Медлительность Кедрова входила в поговорку. Кто-то из критиков (кажется, уважаемая Инна Натановна Соловьёва) назвал его репетиции завораживающе вялыми. Но я задержался бы на эпитете – Кедров завораживал – мы, студенты, испытывали на себе актерский магнетизм Михаила Николаевича.
Он вальяжно сидел на наших занятиях за столиком вроде режиссерского, а мы на стульях, расставленных полукругом, – и когда говорил (или, тем более, когда ко мне обращался), мне он казался то удалявшимся на большое расстояние, то приблизившимся вплотную.

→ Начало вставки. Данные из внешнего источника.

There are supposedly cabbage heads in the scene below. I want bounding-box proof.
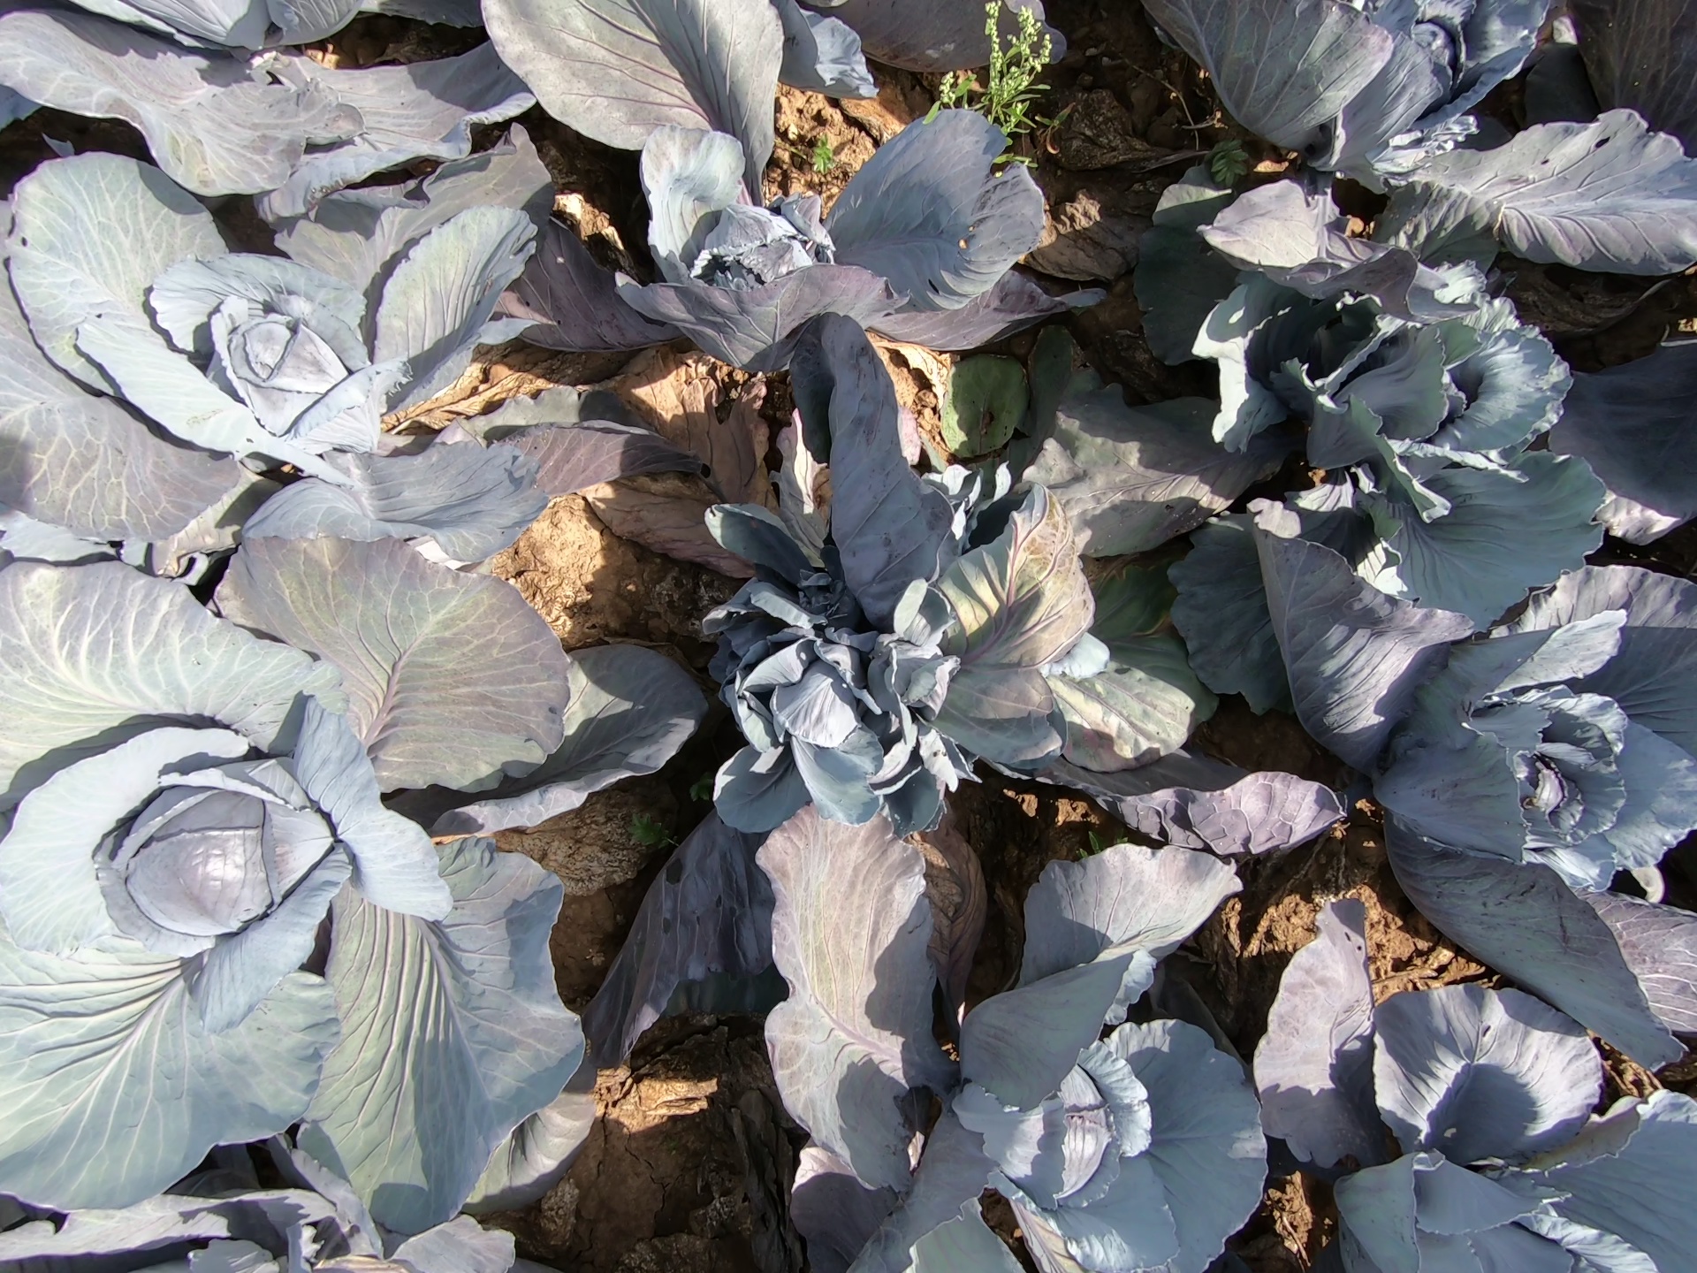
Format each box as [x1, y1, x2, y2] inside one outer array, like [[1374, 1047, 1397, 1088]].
[[703, 226, 820, 361], [1397, 1200, 1594, 1271], [207, 315, 354, 448], [1440, 743, 1565, 827], [119, 766, 327, 935], [1374, 20, 1460, 126], [968, 1051, 1112, 1199], [1363, 371, 1463, 449]]

Кедров, как и Станиславский в свои последние годы, чувствовал прохладное отношение мхатовских актеров к более или менее настойчивым предложениям постановщика спектакля находить в себе что-то новое.
И как Станиславский эмигрировал в свой особняк на улице Станиславского (а до этого – и ныне – Леонтьевский переулок), так и Кедров, ближайший сотрудник Константина Сергеевича, регулярно бывавший у него, перенес свои опыты в организованную театральным обществом лабораторию, куда приходили к нему ведущие артисты столичных театров.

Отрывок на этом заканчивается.